BEGIN

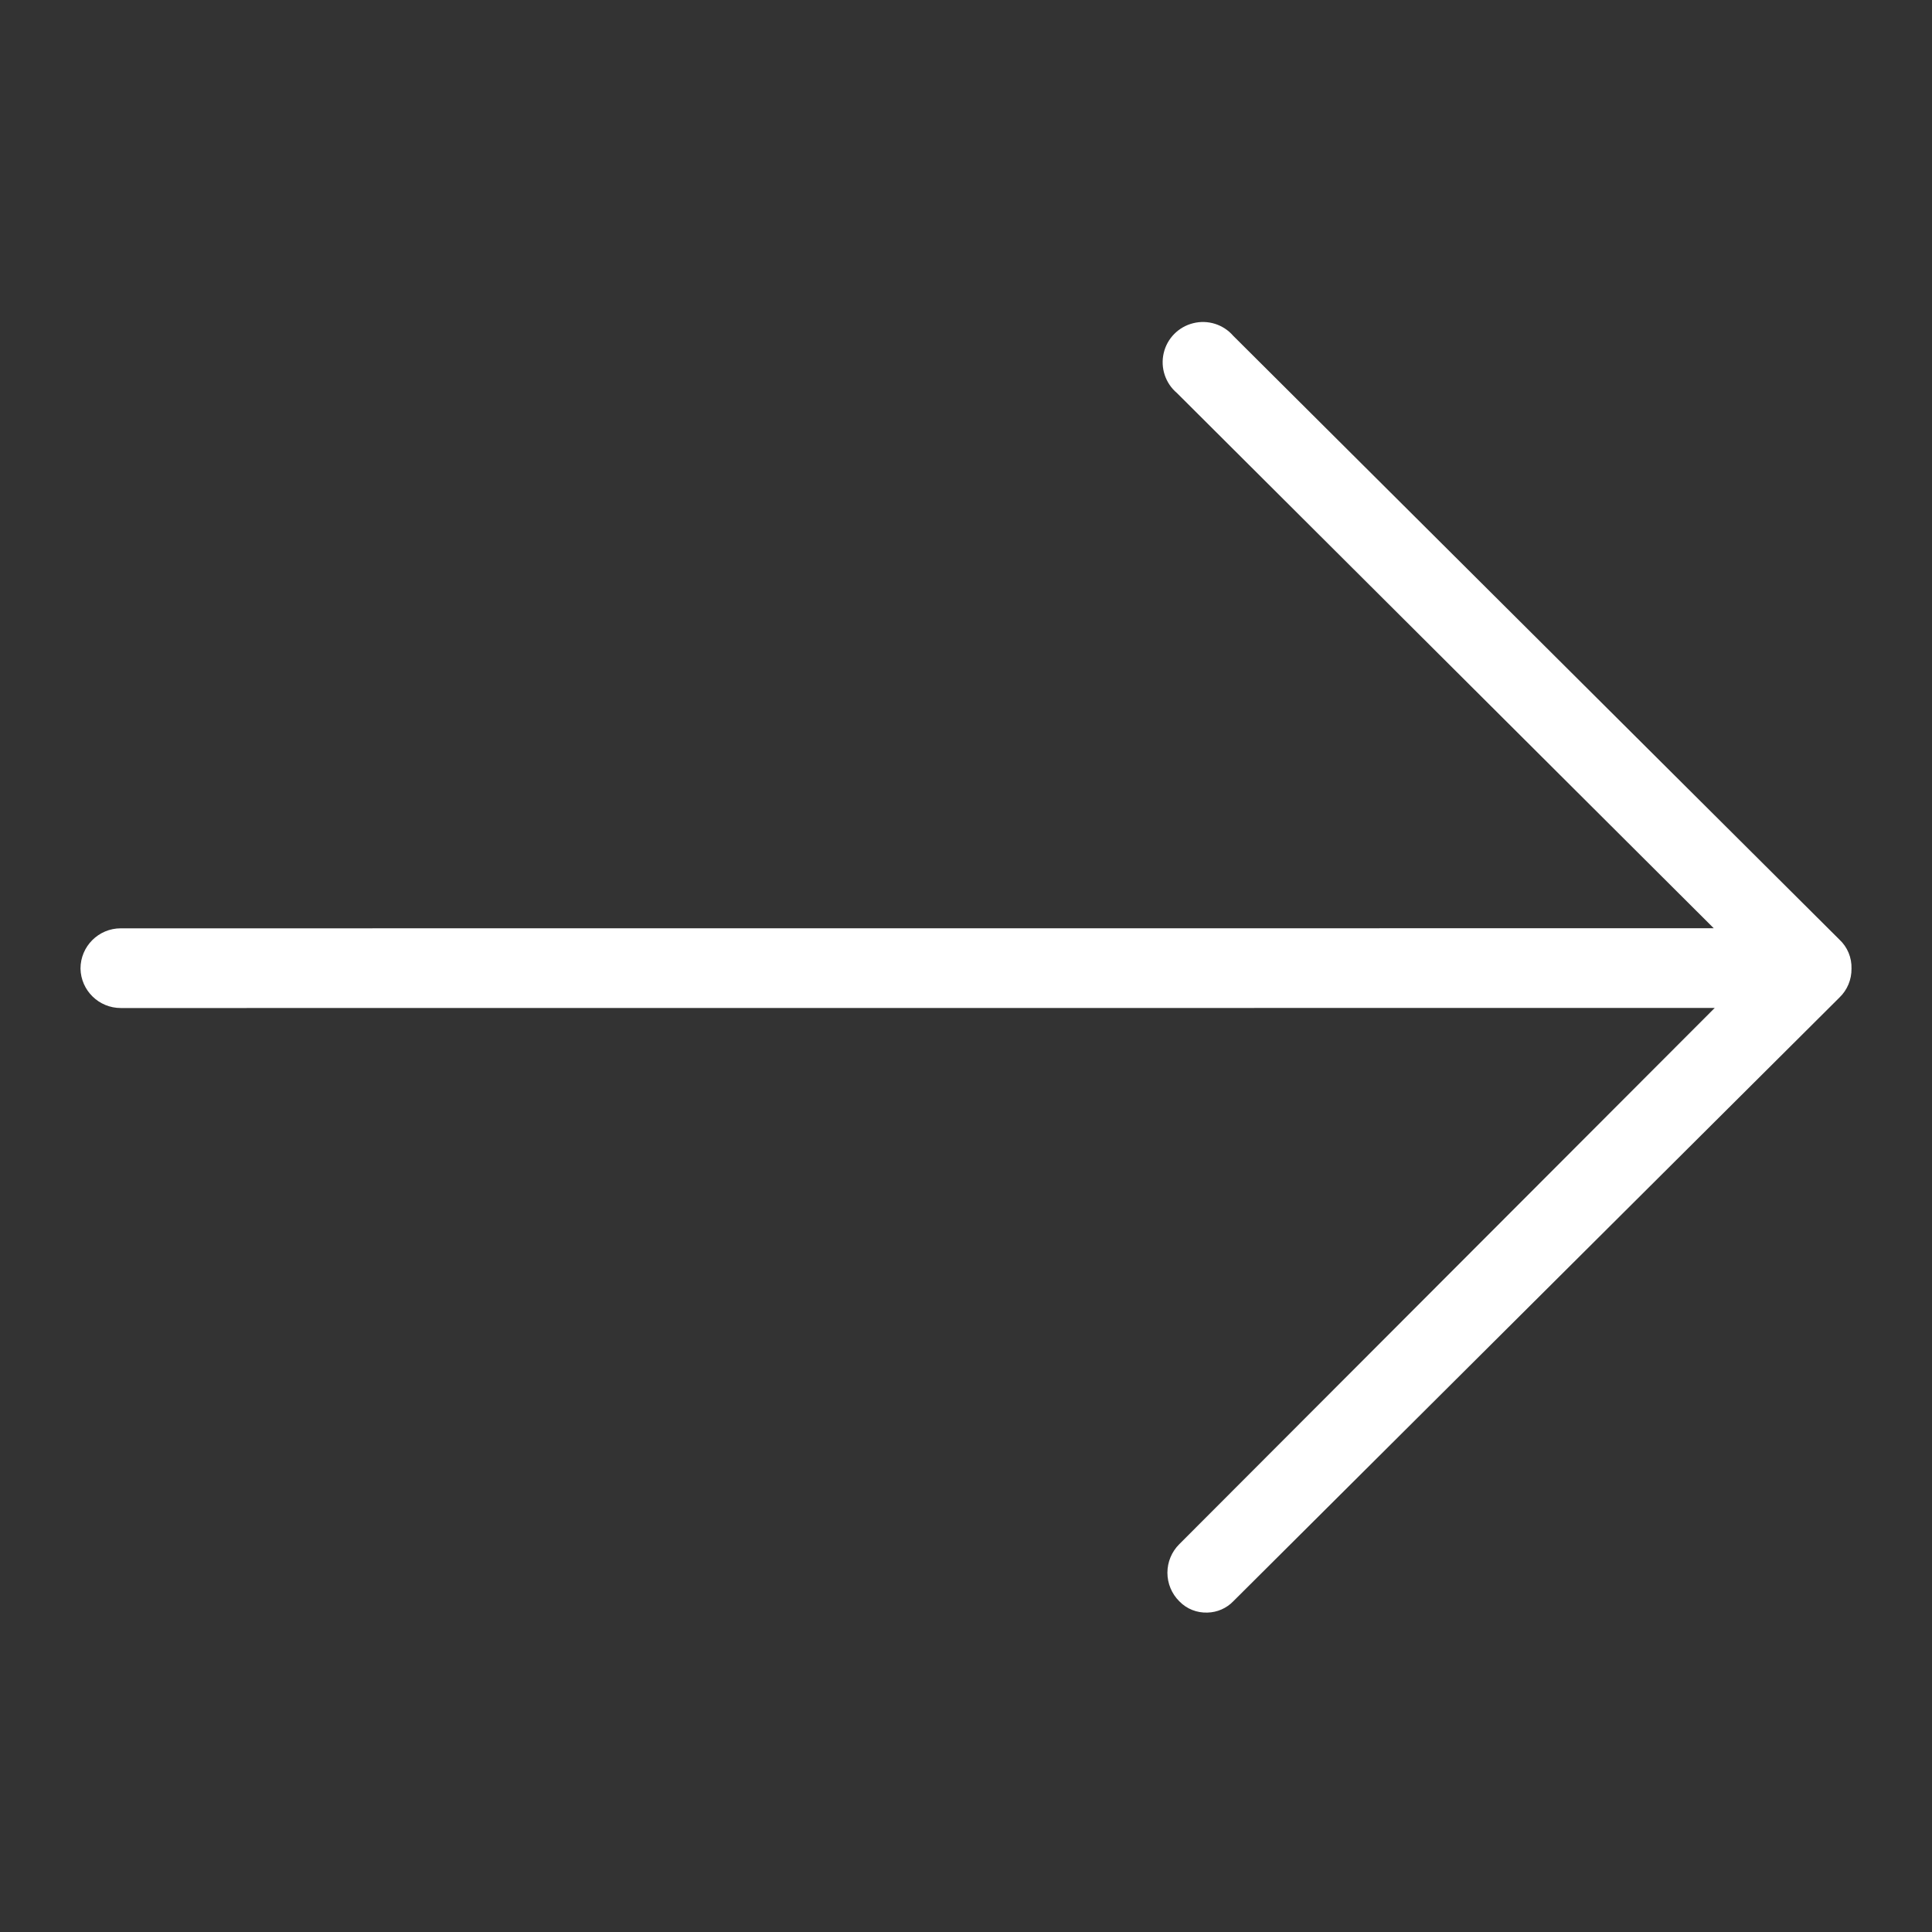 <?xml version="1.0" encoding="UTF-8"?>
<svg width="24px" height="24px" viewBox="0 0 24 24" version="1.1" xmlns="http://www.w3.org/2000/svg" xmlns:xlink="http://www.w3.org/1999/xlink">
    <rect x="0" y="0" width="24" height="24" fill="#333333" stroke="none"/>
    <title>746F5659-2B41-46B4-B9C1-E44496313989</title>
    <g id="↪-⭐️-Agregadora-Seguros" stroke="none" stroke-width="1" fill="none" fill-rule="evenodd">
        <g id="PL_LP_Agregador-Seguros_001" transform="translate(-924, -689)" fill="#FFFFFF" fill-rule="nonzero">
            <g id="Card/Proteção_Lar/closed" transform="translate(767, 489)">
                <g id="Buttons/Ending-button/a.-primary/a.-only-text/b.-M/a.-default" transform="translate(39, 188)">
                    <g id="Group" transform="translate(33, 12)">
                        <g id="icon" transform="translate(85, 0)">
                            <path d="M15.32,4.172 L22.85,11.672 C22.95,11.765 23.004,11.896 23,12.032 C23.002,12.168 22.948,12.298 22.85,12.392 L15.32,19.892 C15.236,19.979 15.121,20.029 15,20.032 C14.869,20.037 14.741,19.987 14.65,19.892 C14.555,19.798 14.502,19.67 14.502,19.537 C14.502,19.404 14.555,19.276 14.65,19.182 L21.301,12.521 L1.5,12.522 C1.228,12.522 1.005,12.304 1,12.032 C1,11.756 1.224,11.532 1.5,11.532 L21.289,11.531 L14.62,4.882 C14.477,4.761 14.413,4.569 14.456,4.386 C14.498,4.204 14.64,4.06 14.822,4.015 C15.005,3.969 15.197,4.03 15.32,4.172 Z" id="icon-color"></path>
                        </g>
                    </g>
                </g>
            </g>
        </g>
    </g>
</svg>
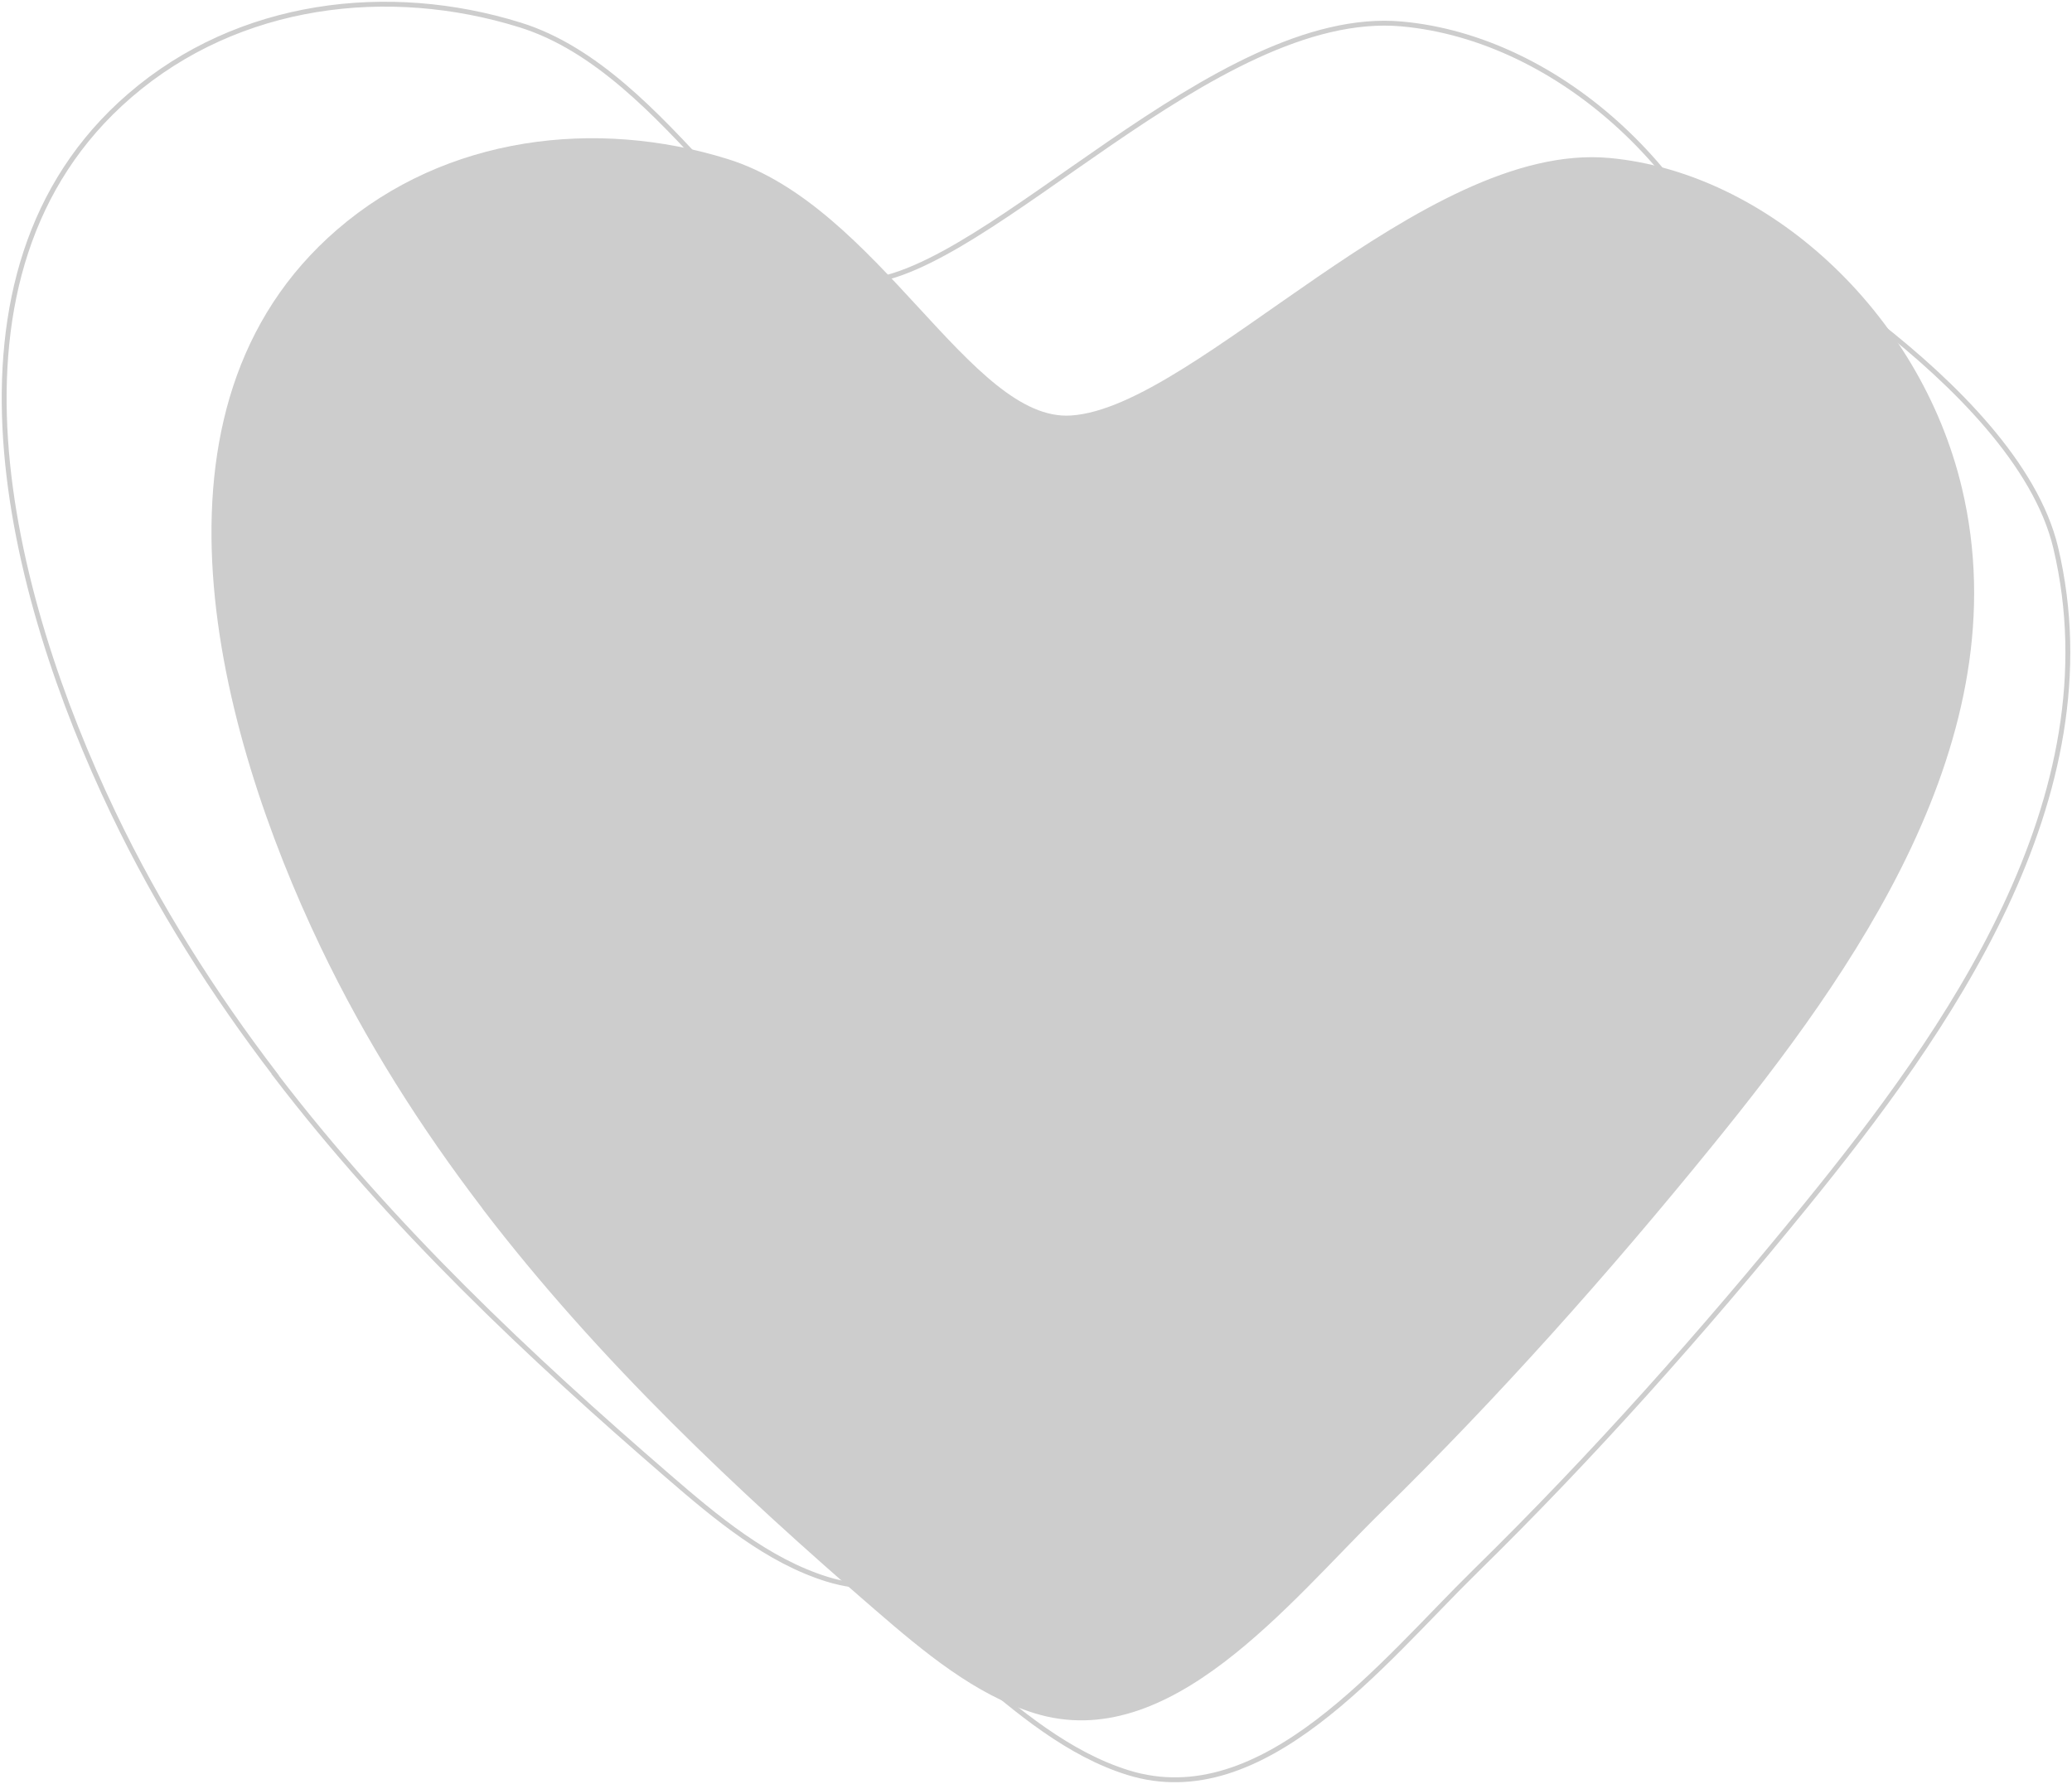 <svg width="425" height="366" viewBox="0 0 425 366" fill="none" xmlns="http://www.w3.org/2000/svg">
<g clip-path="url(#clip0_6048_518)">
<path d="M56.463 220.476C43.822 203.929 32.485 186.127 23.24 166.796C1.972 122.326 -15.539 56.017 26.602 19.623C48.968 0.309 79.772 -3.282 106.734 5.138C137.71 14.795 156.611 59.127 177.159 57.752C202.886 56.034 249.23 1.461 287.513 4.914C319.809 7.835 351.282 36.342 359.892 72.667C372.104 124.148 337.081 172.604 308.763 207.486C287.341 233.879 264.838 259.138 240.929 282.576C221.805 301.323 197.415 332.613 169.629 323.987C157.469 320.207 146.989 311.461 136.921 302.749C108.793 278.435 80.269 251.681 56.429 220.494L56.463 220.476Z" stroke="#CDCDCD" stroke-miterlimit="10"/>
<path d="M150.18 297.096C165.822 313.299 182.322 328.283 198.684 342.442C208.752 351.154 219.232 359.9 231.393 363.68C259.161 372.289 283.568 341.016 302.692 322.269C326.584 298.831 349.087 273.572 370.527 247.179C398.844 212.297 433.85 163.841 421.656 112.36C413.577 78.286 354.764 45.965 354.456 46.205" stroke="#CDCDCD" stroke-miterlimit="10"/>
<path d="M98.982 247.969C86.341 231.422 75.004 213.62 65.759 194.289C44.491 149.82 26.979 83.527 69.138 47.116C91.504 27.802 122.308 24.228 149.27 32.631C180.246 42.288 199.147 86.62 219.695 85.246C245.422 83.527 291.766 28.954 330.049 32.407C362.345 35.329 393.818 63.835 402.428 100.16C414.64 151.641 379.617 200.097 351.299 234.979C329.877 261.372 307.374 286.631 283.465 310.069C264.341 328.816 239.951 360.106 212.165 351.48C200.005 347.7 189.525 338.954 179.457 330.242C151.329 305.928 122.806 279.174 98.965 247.987L98.982 247.969Z" fill="#CDCDCD"/>
</g>
<defs>
<clipPath id="clip0_6048_518">
<rect width="425" height="366" fill="white"/>
</clipPath>
</defs>
</svg>

END

> **EXERCISE BRIEF**: Repeat the lines above, starting at the first and stopping after the line that holds "<title>746F5659-2B41-46B4-B9C1-E44496313989</title>", with the pictures left out.

> **SOLUTION TO THE EXERCISE**:
 <?xml version="1.0" encoding="UTF-8"?>
<svg width="24px" height="24px" viewBox="0 0 24 24" version="1.1" xmlns="http://www.w3.org/2000/svg" xmlns:xlink="http://www.w3.org/1999/xlink">
    <rect x="0" y="0" width="24" height="24" fill="#333333" stroke="none"/>
    <title>746F5659-2B41-46B4-B9C1-E44496313989</title>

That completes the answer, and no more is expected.